Cardiovasc Drugs Ther. 2019 Feb 8. doi: 10.1007/s10557-019-06852-6. [Epub ahead of print]
Impact of Age on the Efficacy and Safety of Alirocumab in Patients with Heterozygous Familial Hypercholesterolemia.
Ginsberg HN1, Tuomilehto J2,3, Hovingh GK4, Cariou B5, Santos RD6,7, Brown AS8, Sanganalmath SK9, Koren A10, Thompson D9, Raal FJ11.
This post-hoc analysis examined whether age modified the efficacy and safety of alirocumab, a PCSK9 inhibitor, in patients with heterozygous familial hypercholesterolemia (HeFH), using pooled data from four 78-week placebo-controlled phase 3 trials (ODYSSEY FH I, FH II, LONG TERM, and HIGH FH).

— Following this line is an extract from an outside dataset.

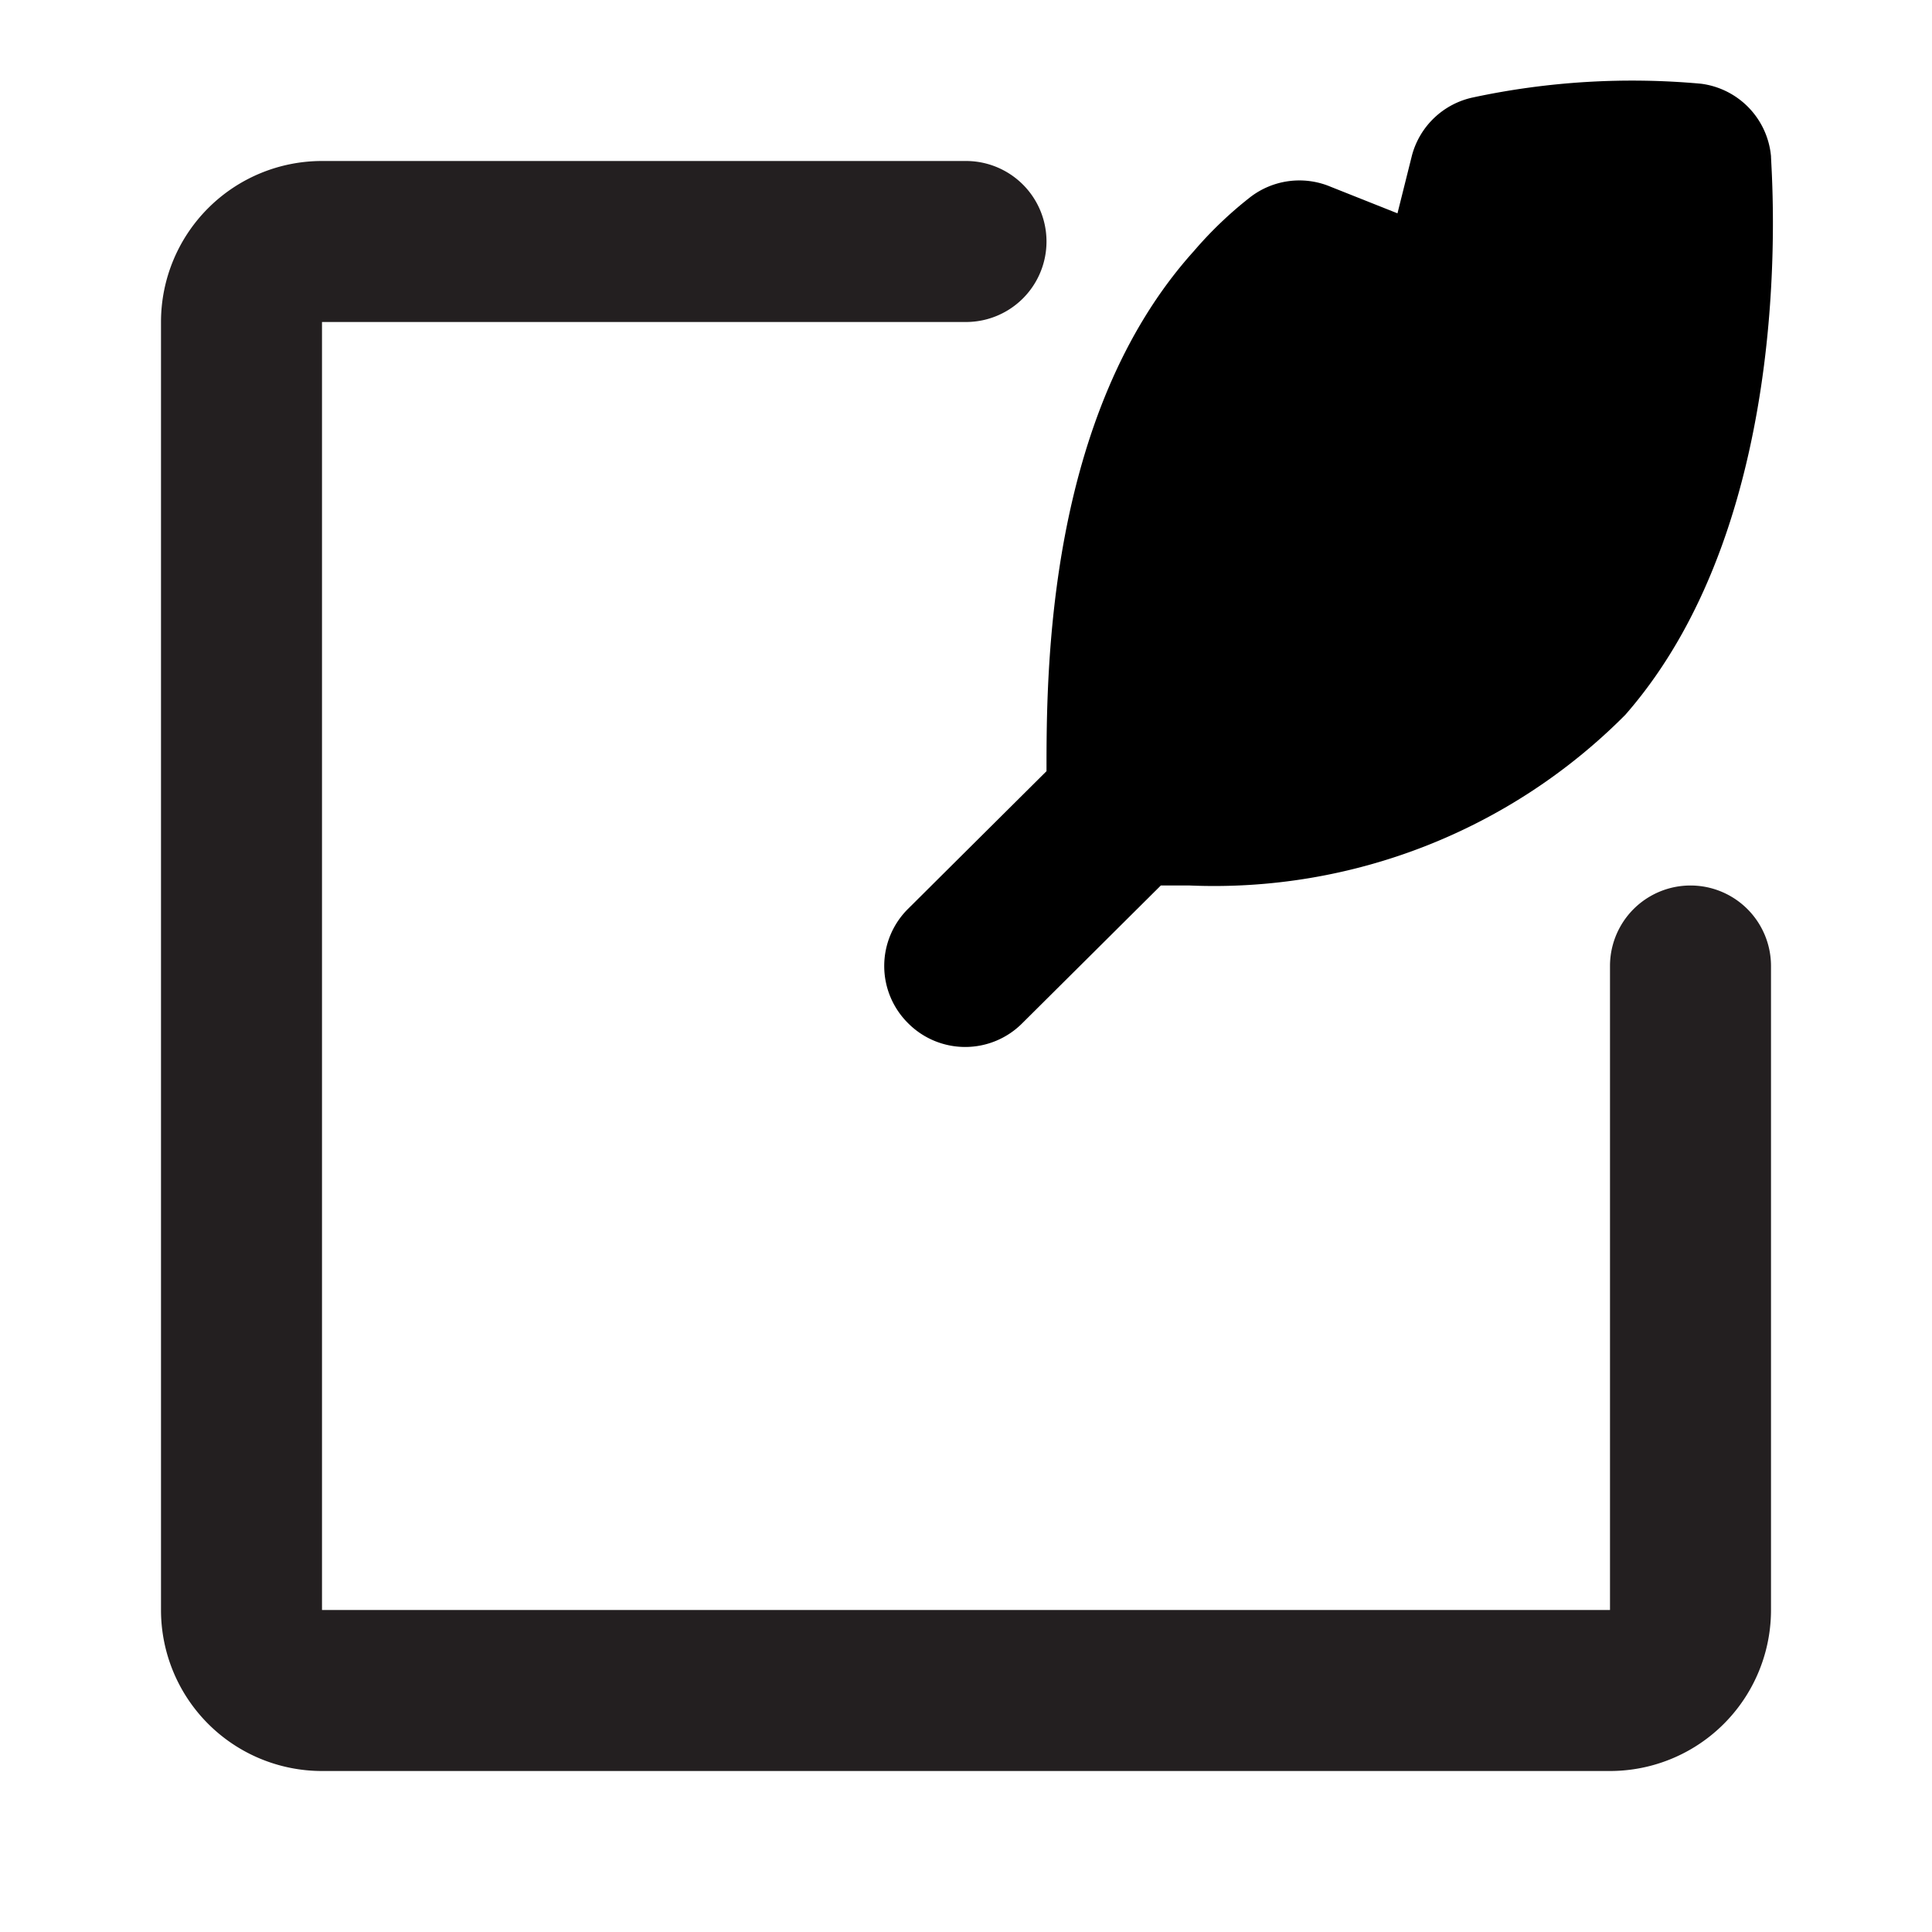 <?xml version="1.0" encoding="utf-8"?><!-- Скачано с сайта svg4.ru / Downloaded from svg4.ru -->
<svg width="800px" height="800px" viewBox="0 0 24 24" xmlns="http://www.w3.org/2000/svg" id="create-note-alt" class="icon glyph"><path d="M20,22H4a2,2,0,0,1-2-2V4A2,2,0,0,1,4,2h8a1,1,0,0,1,0,2H4V20H20V12a1,1,0,0,1,2,0v8A2,2,0,0,1,20,22Z" style="fill:#231f20"></path><path d="M22,1.94a1,1,0,0,0-.87-.9,9.45,9.45,0,0,0-2.83.17,1,1,0,0,0-.76.72l-.18.72-.83-.33a1,1,0,0,0-1,.13,4.87,4.87,0,0,0-.7.67C13,5.15,13,8.36,13,9.58l-1.72,1.71a1,1,0,0,0,0,1.42,1,1,0,0,0,1.42,0L14.42,11h.36a7.2,7.2,0,0,0,5.41-2.12h0C22.37,6.39,22,2.12,22,1.94Z"></path></svg>

Data from 1257 patients with HeFH on maximally tolerated statin ± other lipid-lowering therapies were analyzed by an alirocumab dose regimen and by age subgroups (18 to < 45, 45 to < 55, 55 to < 65, and ≥ 65 years). In the FH I and II trials, patients received 75 mg subcutaneously every 2 weeks (Q2W), with dose increase to 150 mg Q2W at week 12 if week 8 low-density lipoprotein cholesterol (LDL-C) was ≥ 70 mg/dl. In HIGH FH and LONG TERM, patients received 150 mg alirocumab Q2W.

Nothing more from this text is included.